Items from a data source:
------------------------

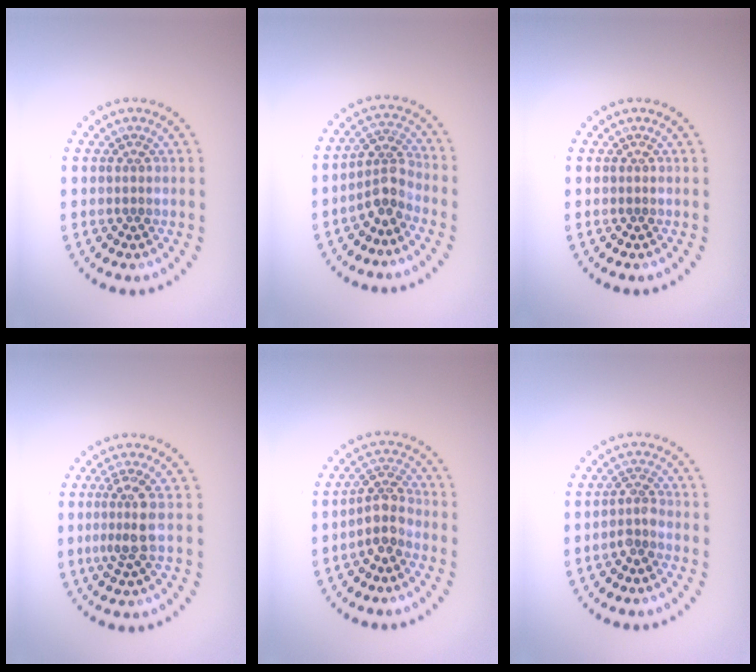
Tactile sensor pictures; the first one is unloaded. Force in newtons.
{"total": 2.8, "press": 2.2, "slide": 1.7}
{"total": 0.0}
{"total": 2.6, "press": 1.9, "slide": 1.7}
{"total": 3.0, "press": 2.4, "slide": 1.8}
{"total": 1.8, "press": 1.3, "slide": 1.2}
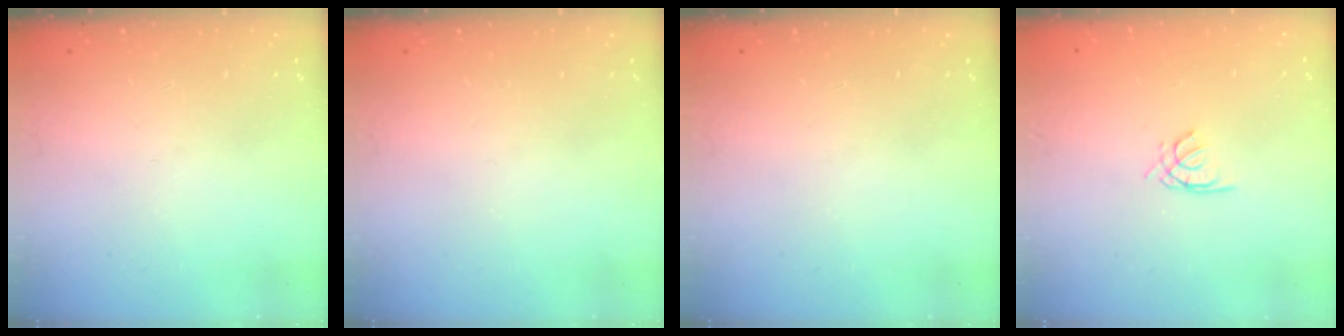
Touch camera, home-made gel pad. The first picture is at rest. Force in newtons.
{"total": 0.0}
{"total": 0.0}
{"total": 1.5, "press": 1.4, "slide": 0.4}
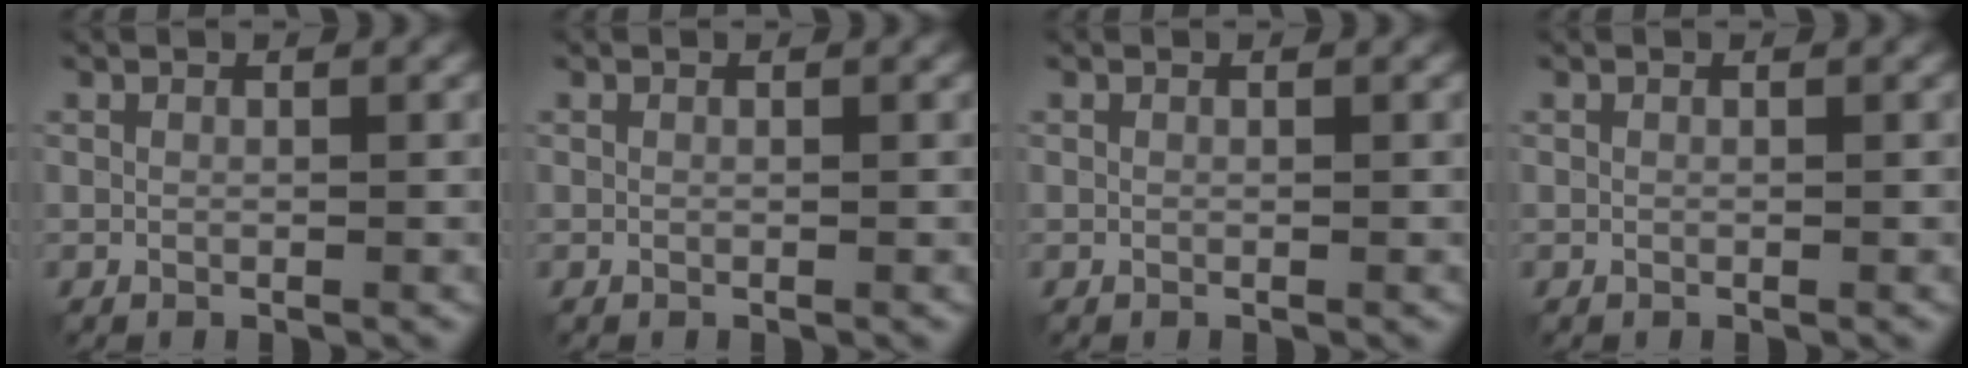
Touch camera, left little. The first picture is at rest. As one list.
[{"total": 0.0}, {"total": 0.0}, {"total": 0.0}]
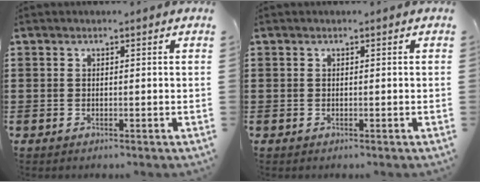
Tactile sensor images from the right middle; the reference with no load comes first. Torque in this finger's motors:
{"motor_torque": [-1.39, -0.75, 0.01, -0.01]}
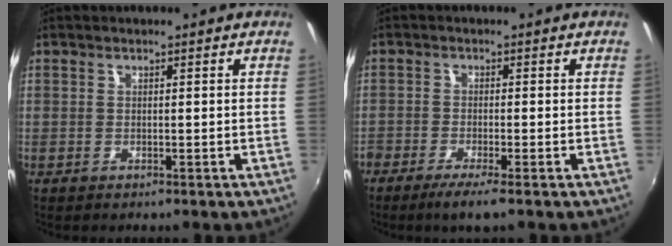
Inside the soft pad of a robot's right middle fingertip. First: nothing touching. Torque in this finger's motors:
{"motor_torque": [0.38, -0.37, 0.03, 0.02]}

------------------------

TASK INSTRUCTIONS: No pictures belong in the answer. It must repeat exactly the lines from the line with "Touch camera, home-made" through the final line of the records.

SOLUTION FOR THIS EXERCISE:
Touch camera, home-made gel pad. The first picture is at rest. Force in newtons.
{"total": 0.0}
{"total": 0.0}
{"total": 1.5, "press": 1.4, "slide": 0.4}
Touch camera, left little. The first picture is at rest. As one list.
[{"total": 0.0}, {"total": 0.0}, {"total": 0.0}]
Tactile sensor images from the right middle; the reference with no load comes first. Torque in this finger's motors:
{"motor_torque": [-1.39, -0.75, 0.01, -0.01]}
Inside the soft pad of a robot's right middle fingertip. First: nothing touching. Torque in this finger's motors:
{"motor_torque": [0.38, -0.37, 0.03, 0.02]}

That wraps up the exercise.